Para ellas, en su memoria

En la pantalla del televisor, un canal del sistema de cable presenta una película de cuyo nombre no alcancé a enterarme. La canción de la española Bebe (“Malo, malo, malo eres, no se daña a quien se quiere; tonto, tonto, tonto eres,

no te pienses mejor que las mujeres…”) suena mientras aparecen los primeros créditos, que dan pie a un escenario tan conocido: una calle mugrosa y harapienta –sus harapos a medio enjarrar y llenos de hoyos encharcados- en algún barrio de la periferia del Distrito Federal, una niña que cumple 13 años, una bicicleta (robada) obsequio de su hermano.
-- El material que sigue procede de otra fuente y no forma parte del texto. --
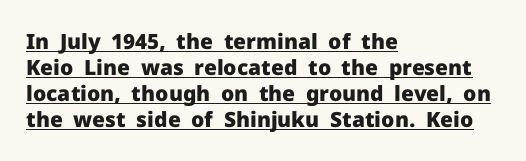
{"italic": "no", "bold": "yes", "underline": "yes", "align": "left", "line_spacing_ratio": 1.24, "letter_spacing": "normal", "letter_spacing_em": 0.0, "glyph_px": 21}
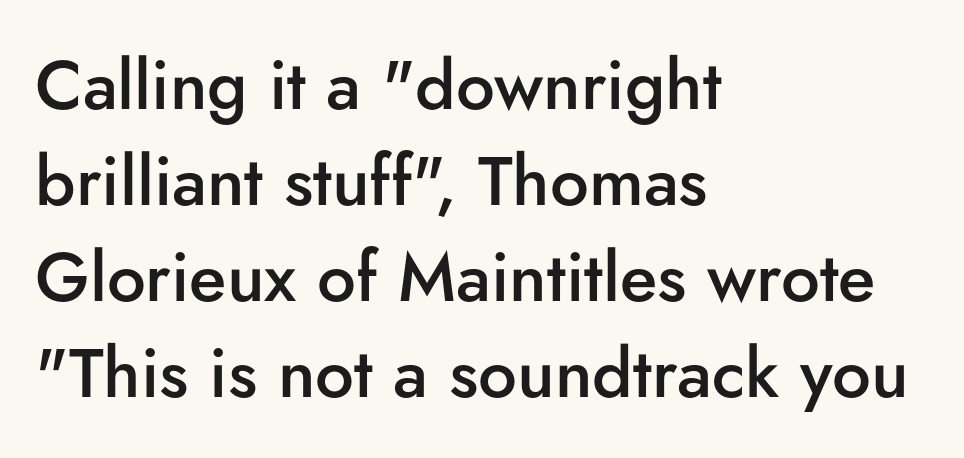
{"serif": "no", "italic": "no", "bold": "semi", "weight": "semibold", "width": "normal", "stroke_contrast": "low", "x_height": "small", "monospaced": "no", "underline": "no", "align": "left", "line_spacing": "normal", "line_spacing_ratio": 1.39, "letter_spacing": "normal", "letter_spacing_em": 0.0, "glyph_px": 69}
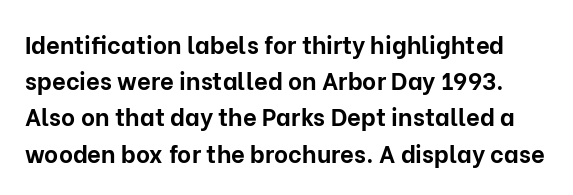
The image shows 24 px bold type, upright; set normal line spacing (1.51x), normal letter spacing, not underlined.
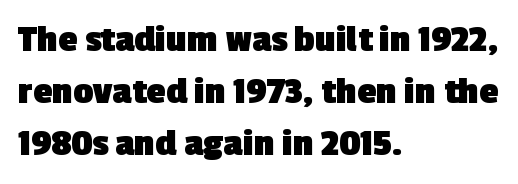
Q: Is the text bold? A: Yes.
Q: Is the typeface a serif or a sans-serif typeface? A: Sans-serif.
Q: Is the text underlined? A: No.
Q: How is the paragraph aligned? A: Left-aligned.
Q: Is the spacing between letters normal or unusually wide? A: Normal.
Q: Is the spacing between lines tight, normal or loose? A: Normal.
Q: Width (condensed, normal, or wide)? A: Normal.
Q: x-height? A: Medium.
Q: Monospaced? A: No.

Un secuestro mientras la niña pasea en la bici. El joven raterillo sabe que a su hermana se la han llevado tratantes de blancas para el tráfico sexual y que éstos cruzarán la frontera con los Estados Unidos, así que va detrás. Lo demás es el miserablemente típico Hollywood: se encuentra con el excepcional policía bueno que le ayuda; los mexicanos son caracterizados como una bola de mugrosos que nunca entenderán inglés (y mucho menos lo pronunciarán como se debe)…

Odio esos clichés.  

Por eso, aunque muchos no lo digieran, veo las películas de Amat Escalante. No creo que las ame, pero además de que veo en ellas las caras conocidas de mi vecina del barrio de la infancia y alguna otra, recorro los caminos que conducen a las cimas de los cerros pelones de los que escribe Eugenio Trueba y me deprimo con el surrealismo patético que espejea desde la pantalla, me enorgullece que a estas alturas haga su cine, que lo siga haciendo, y encima de todo, lo premien como el mejor director de Cannes, por Heli, cuya trama comienza en el puente peatonal de Santa Teresa, comunidad de Guanajuato capital.

He llegado a odiar el periodismo casi necrofílico que las circunstancias nos han obligado a muchos, a muchas, a ejercer. En la ciudad de Manuel Doblado hay cuatro familias que desde hace tantos meses esperan a los jefes de familia, los hombres de la casa, todo porque un día tuvieron la maldita ocurrencia de salir de vacaciones –por primera vez a la playa- en un viaje compartido en un destartalado autobús que los encaminó al puerto de Veracruz, de donde regresaron todos, menos esos cuatro hombres, que salieron del hotel una noche a comprar hielo y no se supo más de sus vidas. Sólo de sus ausencias.

Esposas e hijos volvieron a medias, viven a medias. Duermen a medias.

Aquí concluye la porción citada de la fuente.